Exercise objective. Please find every line of the listing below where "FFFFFF" occurs and copy it.
◇ ◇ ◇ ◇ ◇
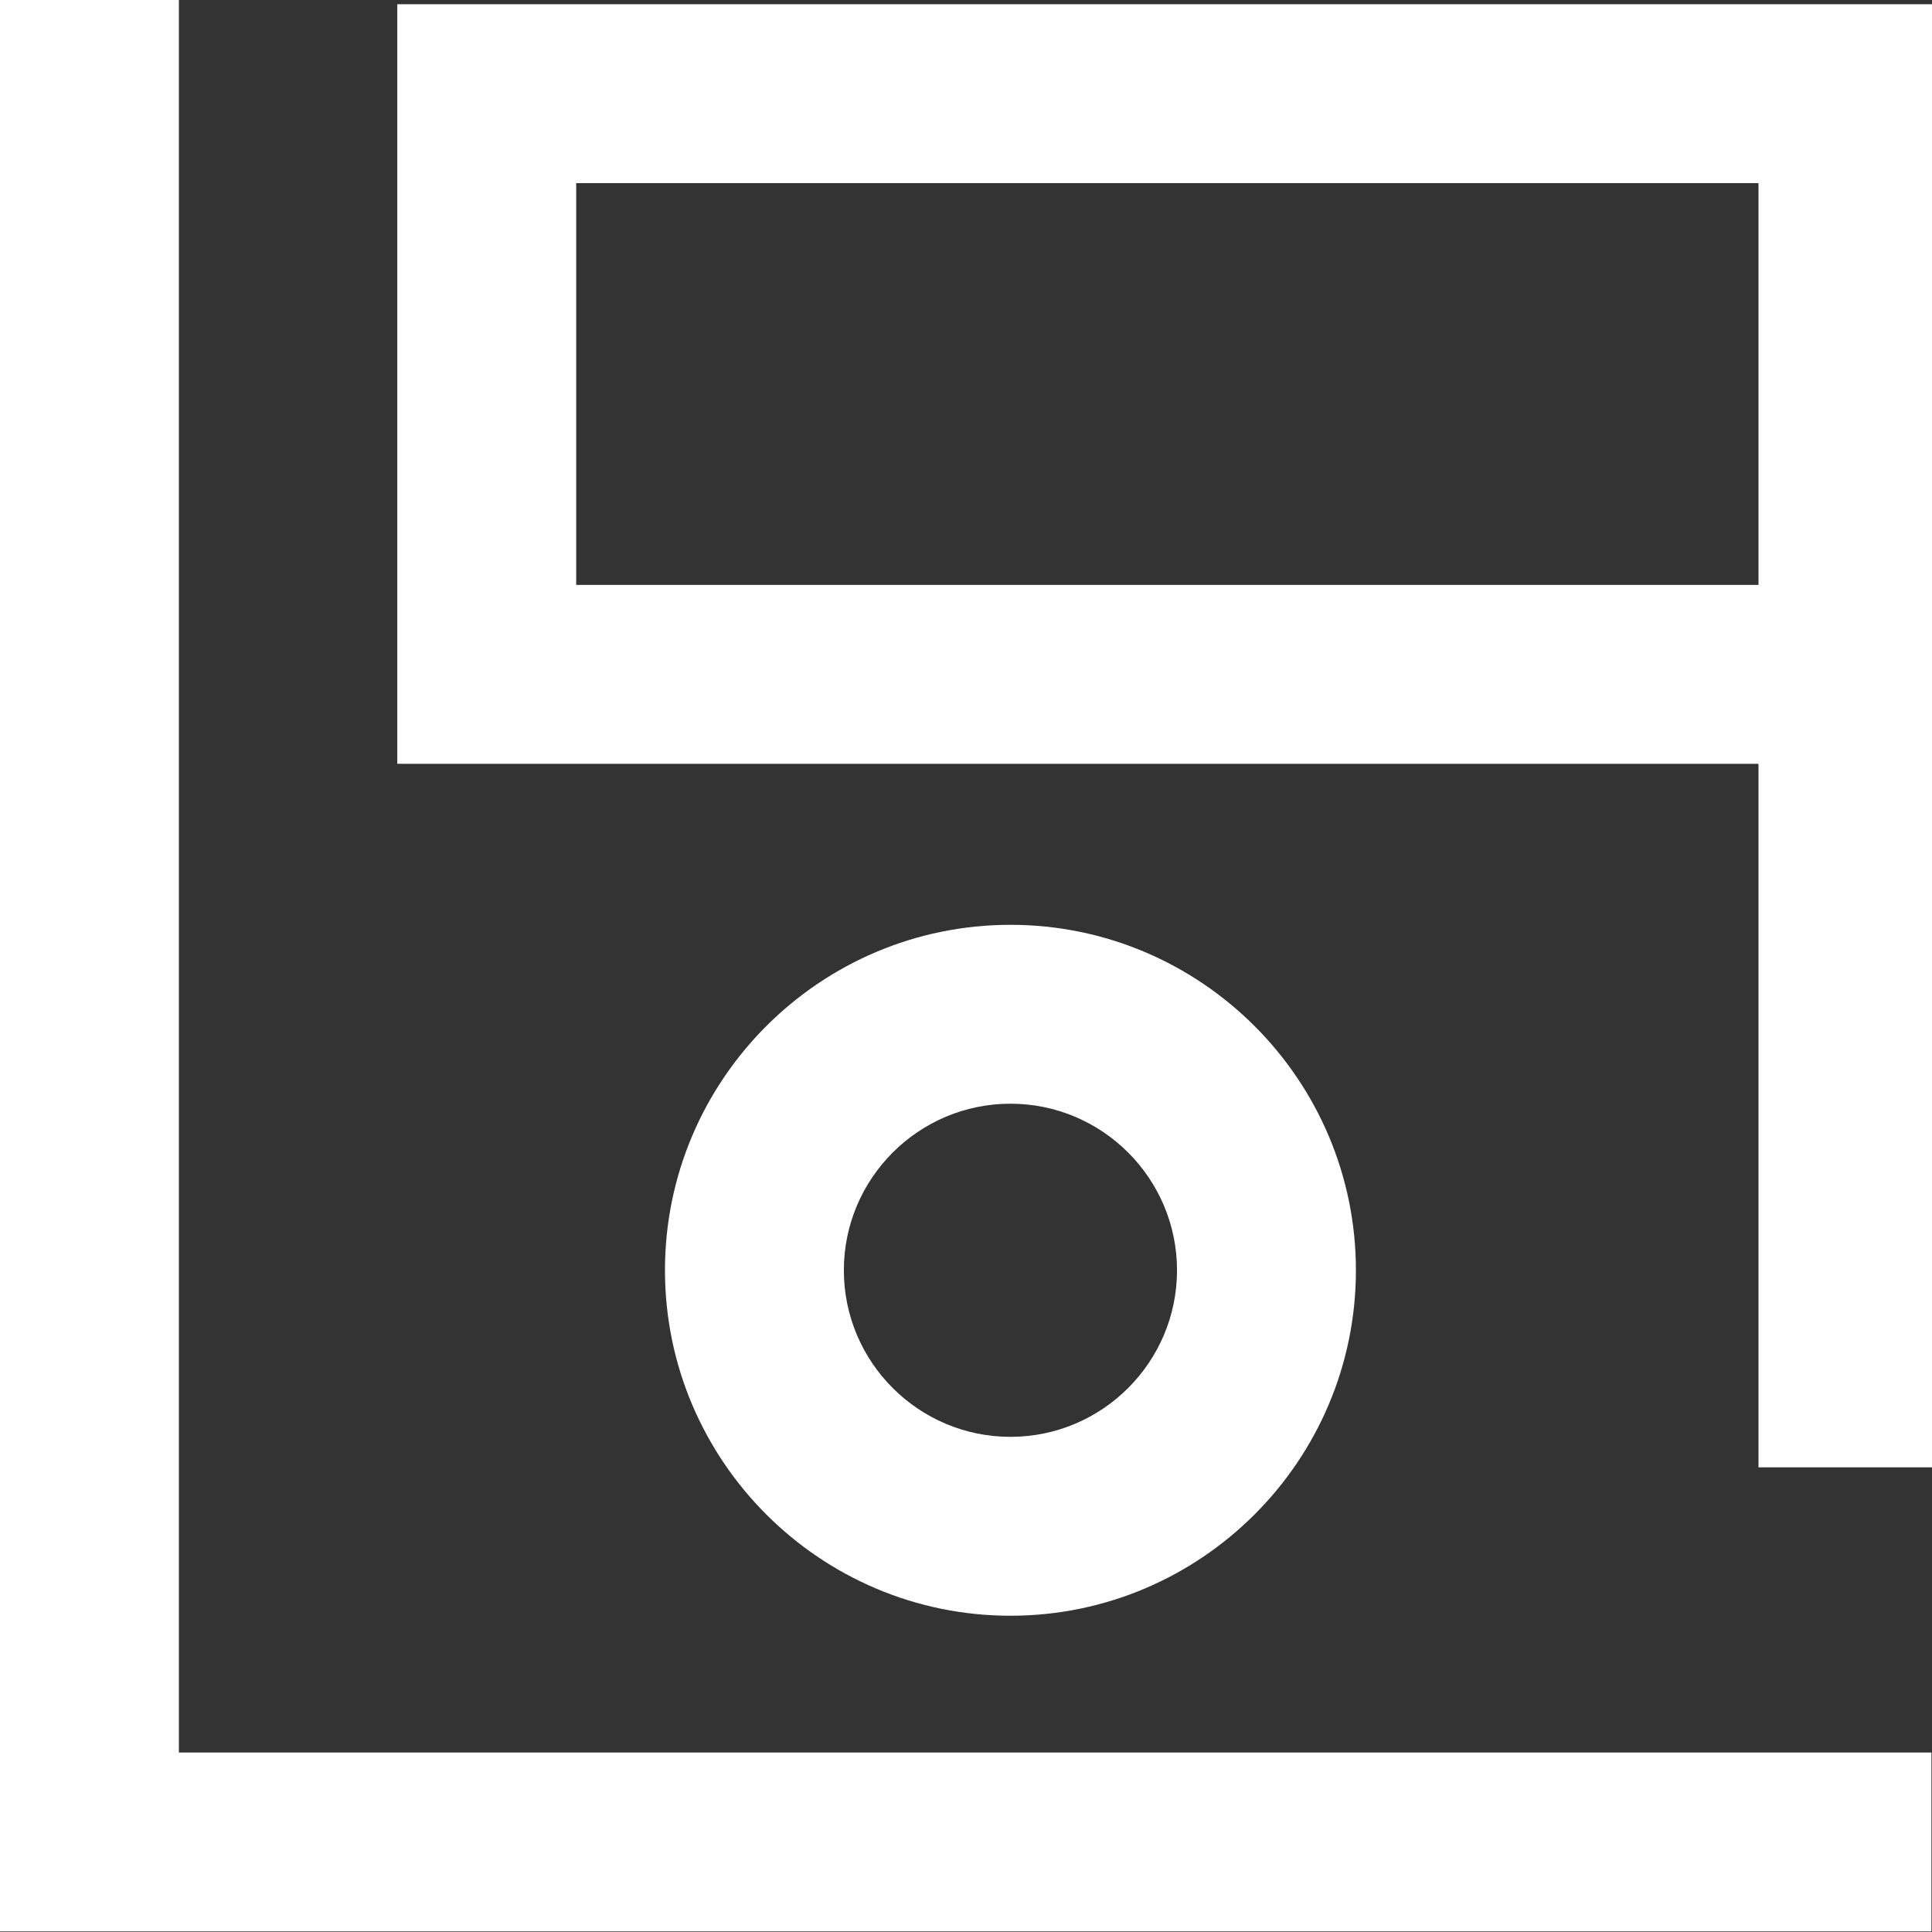 <?xml version="1.0" encoding="utf-8"?>
<!-- Generator: Adobe Illustrator 15.0.0, SVG Export Plug-In  -->
<!DOCTYPE svg PUBLIC "-//W3C//DTD SVG 1.1//EN" "http://www.w3.org/Graphics/SVG/1.1/DTD/svg11.dtd">
<svg version="1.1"
	 xmlns="http://www.w3.org/2000/svg" xmlns:xlink="http://www.w3.org/1999/xlink" xmlns:a="http://ns.adobe.com/AdobeSVGViewerExtensions/3.0/"
	 x="0px" y="0px" width="162px" height="162px" viewBox="0 0 162 162" enable-background="new 0 0 162 162" xml:space="preserve">
<rect x="0" y="0" width="162" height="162" fill="#333333" stroke="none"/>
<defs>
</defs>
<polygon fill="#FFFFFF" points="0,0 0,161.952 161.951,161.952 161.951,146.95 15,146.95 15,0 "/>
<g>
	<path fill="#FFFFFF" d="M84.727,135.481c-15.974,0-28.969-12.996-28.969-28.967c0-15.972,12.996-28.967,28.969-28.967
		c15.973,0,28.967,12.995,28.967,28.967C113.693,122.485,100.699,135.481,84.727,135.481 M84.727,92.547
		c-7.704,0-13.969,6.266-13.969,13.967s6.266,13.967,13.969,13.967c7.7,0,13.967-6.266,13.967-13.967S92.427,92.547,84.727,92.547"
		/>
	<path fill="#FFFFFF" d="M147.451,0.354H33.314v63.692h114.137v58.992h15V64.046V0.354H147.451z M48.314,15.354h99.137v33.691
		H48.314V15.354z"/>
</g>
</svg>
◇ ◇ ◇ ◇ ◇
Completed task.
<polygon fill="#FFFFFF" points="0,0 0,161.952 161.951,161.952 161.951,146.95 15,146.95 15,0 "/>
	<path fill="#FFFFFF" d="M84.727,135.481c-15.974,0-28.969-12.996-28.969-28.967c0-15.972,12.996-28.967,28.969-28.967
	<path fill="#FFFFFF" d="M147.451,0.354H33.314v63.692h114.137v58.992h15V64.046V0.354H147.451z M48.314,15.354h99.137v33.691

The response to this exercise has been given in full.